А кто бы, вы думали, заботливо помогал им принимать — увы! — необходимые процедуры? Кто поправлял подушечки и прикладывал к осипшему петровскому горлу металлические пластинки аппарата «По-тон»? Кто укреплял электроды на ушибленной васечкинской ноге? Ну, конечно же, их одноклассница и недосягаемый идеал — Маша Старцева.
— Эх вы, музыканты! — улыбнулась Маша Петрову и Васечкину.
— Ох, Маша! — вздохнул Васечкин.
— Ладно, ладно! — просипел Петров.
Красная шапочка и ле лю гри
Юрику Перову
… В нашем родном 4-м «Б» шла контрольная по французскому языку.
— А теперь, мэз анфан, — сказала Инна Андреевна, — сдавайте контрольные! Петров и Старцева, рамассэ ле кайе!
По классу пронесся вздох сожаления, все зашуршали тетрадками, засуетились. Маша встала и пошла по рядам, собирая тетрадки. Петров, однако, не двинулся с места. Соседнее место, которое обычно занимал Васечкин, пустовало.
— Петров! Я же сказала, собери тетради!
— Понимаю! — обрадовался Петров и вскочил с места.
— Все помнят, что сегодня у нас французский вечер?
— Все! — дружно выкрикнул 4-й «Б».
— Роли свои все помнят?
— Все! — еще громче заорал 4-й «Б».
— А как же волк? — спросил маленький Вова Сидоров. — А, Инна Андреевна?
— Действительно, — задумалась Инна Андреевна, — а как же волк? Кстати, — обратилась она к Петрову, — как себя чувствует Васечкин? Ты его навещал?
— Васечкин очень плох! — сказал Петров тихим проникновенным голосом. — Очень!
— Да, видимо, на самом деле он очень серьезно болен! — сказала Инна Андреевна, внимательно глядя на Петрова. — Ведь только очень серьезная болезнь могла помешать ему прийти на четвертную контрольную. А жаль — это был для него последний шанс исправить тройку в четверти! Но что же все-таки нам делать с волком? — спросила она, перелистывая петровскую контрольную. — Может, Петров, ты заменишь своего друга? Ведь твои знания тоже оставляют желать лучшего! Заодно повторишь спряжение глагола «этр».
— Я? — поразился Петров.
— А Красная Шапочка сейчас задержится после урока и порепетирует с тобой.

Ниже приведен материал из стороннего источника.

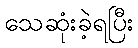
သေဆုံးခဲ့ရပြီး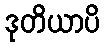
ဒုတိယာပိ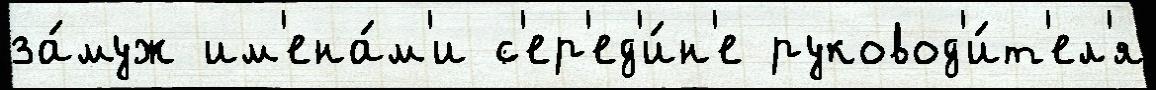
за́муж им'ена́м'и с'ер'ед'и́н'е руковод'и́т'ел'я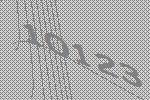
10123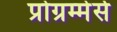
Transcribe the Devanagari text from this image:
प्रोग्रम्मेर्स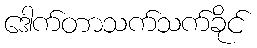
ဒေါက်တာသက်သက်ခိုင်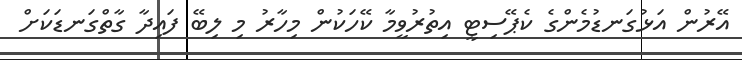
އޭރުން އަޅުގަނޑުމެންގެ ކެޕޭސިޓީ އިތުރުވީމާ ކޭހަކުން މިހާރު މި ލިބޭ ފައިދާ ގާތްގަނޑަކަށް
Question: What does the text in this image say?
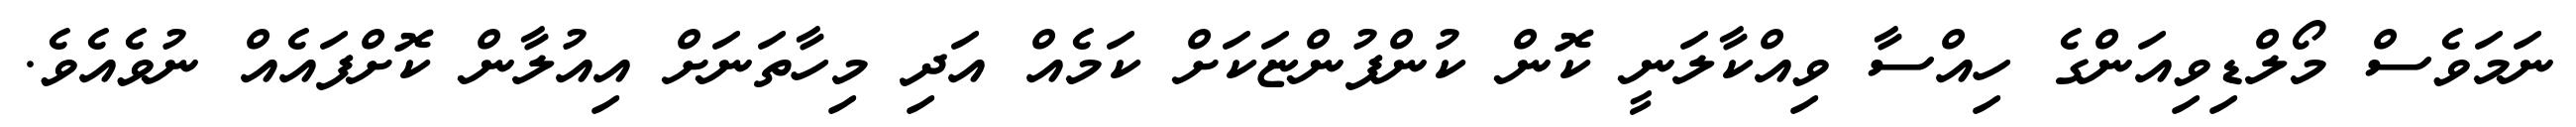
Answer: ނަމަވެސް މޯލްޑިވިއަންގެ ހިއްސާ ވިއްކާލަނީ ކޮން ކުންފުންޏަކަށް ކަމެއް އަދި މިހާތަނަށް އިއުލާން ކޮށްފައެއް ނުވެއެވެ.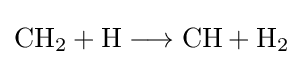
{\mathrm {CH} {\vphantom {A}}_{\smash[{t}]{2}}{}+{}\mathrm {H} {}\mathrel {\longrightarrow } {}\mathrm {CH} {}+{}\mathrm {H} {\vphantom {A}}_{\smash[{t}]{2}}}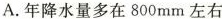
A.年降水量多在800mm左右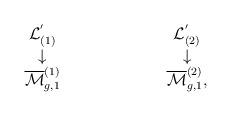
\begin{align*}\begin{array}{ccc} {\cal L}^{'}_{(1)}&\hspace{2cm} & {\cal L}^{'}_{(2)} \\ \downarrow & \hspace{2cm} & \downarrow \\ \overline{{\cal M}}_{g,1}^{(1)} &\hspace{2cm} & \overline{{\cal M}}_{g,1}^{(2)}, \end{array}\end{align*}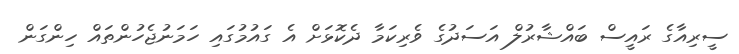
ސީރިއާގެ ރައީސް ބައްޝާރުލް އަސަދުގެ ވެރިކަމާ ދެކޮޅަށް އެ ގައުމުގައި ހަމަނުޖެހުންތައް ހިންގަން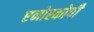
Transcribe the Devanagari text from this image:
एनोस्कोपी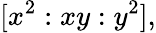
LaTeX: [x^{2}:xy:y^{2}],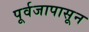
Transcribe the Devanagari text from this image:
पूर्वजापासून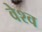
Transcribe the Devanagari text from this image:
वेश्व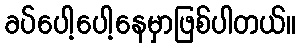
ခပ်ပေါ့ပေါ့နေမှာဖြစ်ပါတယ်။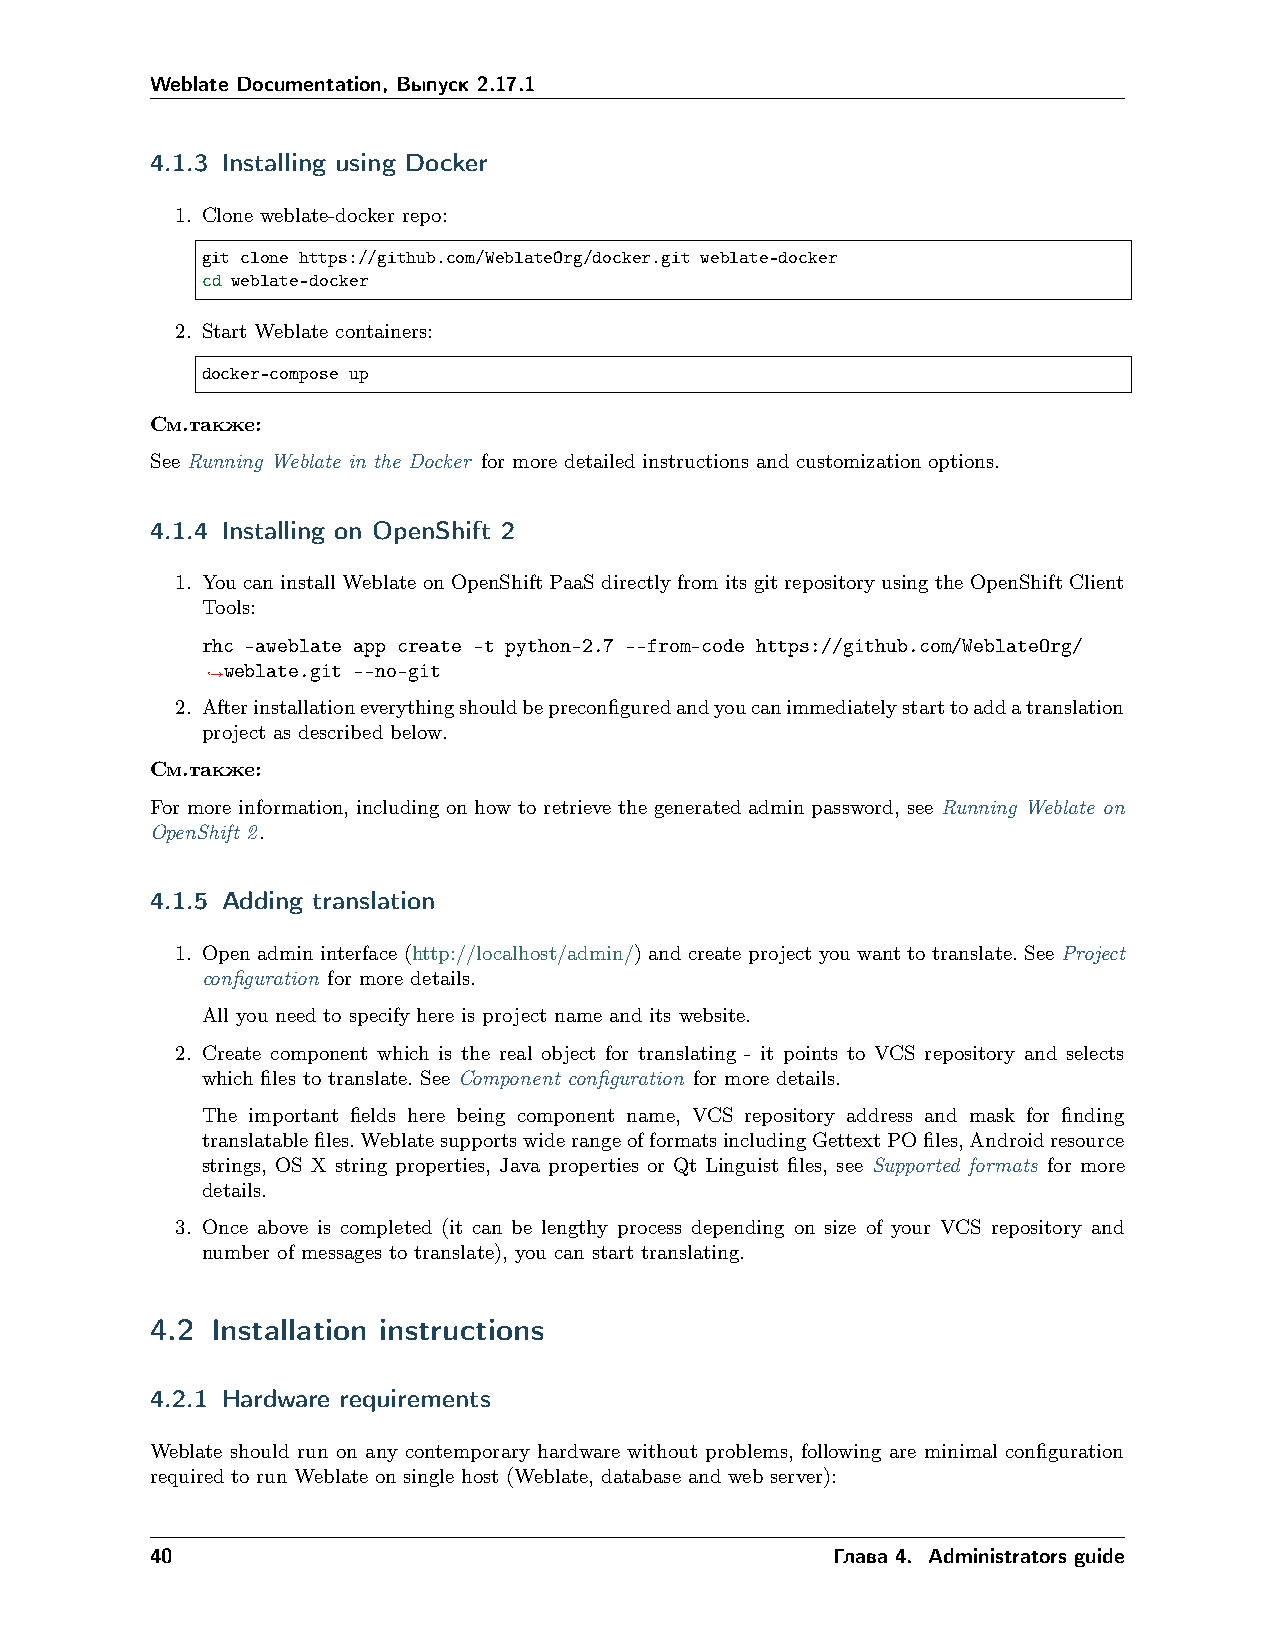
Weblate Documentation, Выпуск 2.17.1
 4.1.3 Installing using Docker
 1. Clone weblate-docker repo:
 git clone https://github.com/WeblateOrg/docker.git weblate-docker
 cd weblate-docker
 2. Start Weblate containers:
 docker-compose up
 См.также:
 See Running Weblate in the Docker for more detailed instructions and customization options.
 4.1.4 Installing on OpenShift 2
 1. You can install Weblate on OpenShift PaaS directly from its git repository using the OpenShift Client
 Tools:
 rhc -aweblate app create -t python-2.7 --from-code https://github.com/WeblateOrg/
 weblate.git --no-git
 ˓→
 2. Afterinstallationeverythingshouldbepreconfiguredandyoucanimmediatelystarttoaddatranslation
 project as described below.
 См.также:
 For more information, including on how to retrieve the generated admin password, see Running Weblate on
 OpenShift 2.
 4.1.5 Adding translation
 1. Open admin interface (http://localhost/admin/) and create project you want to translate. See Project
 configuration for more details.
 All you need to specify here is project name and its website.
 2. Create component which is the real object for translating - it points to VCS repository and selects
 which files to translate. See Component configuration for more details.
 The important fields here being component name, VCS repository address and mask for finding
 translatablefiles.WeblatesupportswiderangeofformatsincludingGettextPOfiles,Androidresource
 strings, OS X string properties, Java properties or Qt Linguist files, see Supported formats for more
 details.
 3. Once above is completed (it can be lengthy process depending on size of your VCS repository and
 number of messages to translate), you can start translating.
 4.2 Installation instructions
 4.2.1 Hardware requirements
 Weblate should run on any contemporary hardware without problems, following are minimal configuration
 required to run Weblate on single host (Weblate, database and web server):
 40                                           Глава 4. Administrators guide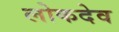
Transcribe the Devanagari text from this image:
लोकदेव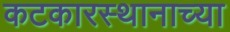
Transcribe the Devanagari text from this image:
कटकारस्थानाच्या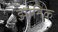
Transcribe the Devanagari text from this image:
झानिक

— Я? — на этот раз возмутилась Маша.
— Я согласен! — быстро сказал Петров.
Совершенно здоровый Васечкин, находясь у себя дома, занимался тремя замечательными делами сразу. Одной рукой он играл в настольный футбол, а другой дергал за веревочку, играя с котом, при этом он прижимал плечом к уху телефонную трубку, говоря в нее следующее:
— Это кто это? Яблочкина, ты, что ли? Ты чего звонишь-то? А, по поручению. Ну, чего? Температура? Температура очень высокая! — говорил Васечкин, забивал гол. — Тридцать девять! — радостно завопил он и тут же забил гол в ворота противника. — Восемнадцать! Что? Не бывает тридцать девять и восемнадцать? А с чего ты взяла? А-а! Тридцать девять и восемь я хотел сказать! Как там контрольная прошла? Ага. Знаешь, я, вообще-то, себя получше чувствую. Во сколько вечер-то у нас? Придется, наверное, встать, прийти и выручить вас! — слабым голосом говорил Васечкин. — Как не надо? Почему? Кто ж Волка-то будет играть? Петров? Как Петров? — заорал вдруг Васечкин во весь голос, забывая о футболе и о коте. — Да какой из Петрова волк! Он такой же волк, как я боль… как я балерина! Тоже мне нашли волка! Ну и что ж, что болен! А потом он же роль не знает! Как уже «ре-пе-ти-ру-ют»? — спросил Васечкин упавшим голосом. — Ну ладно, Яблочкина, мне лекарство принимать пора!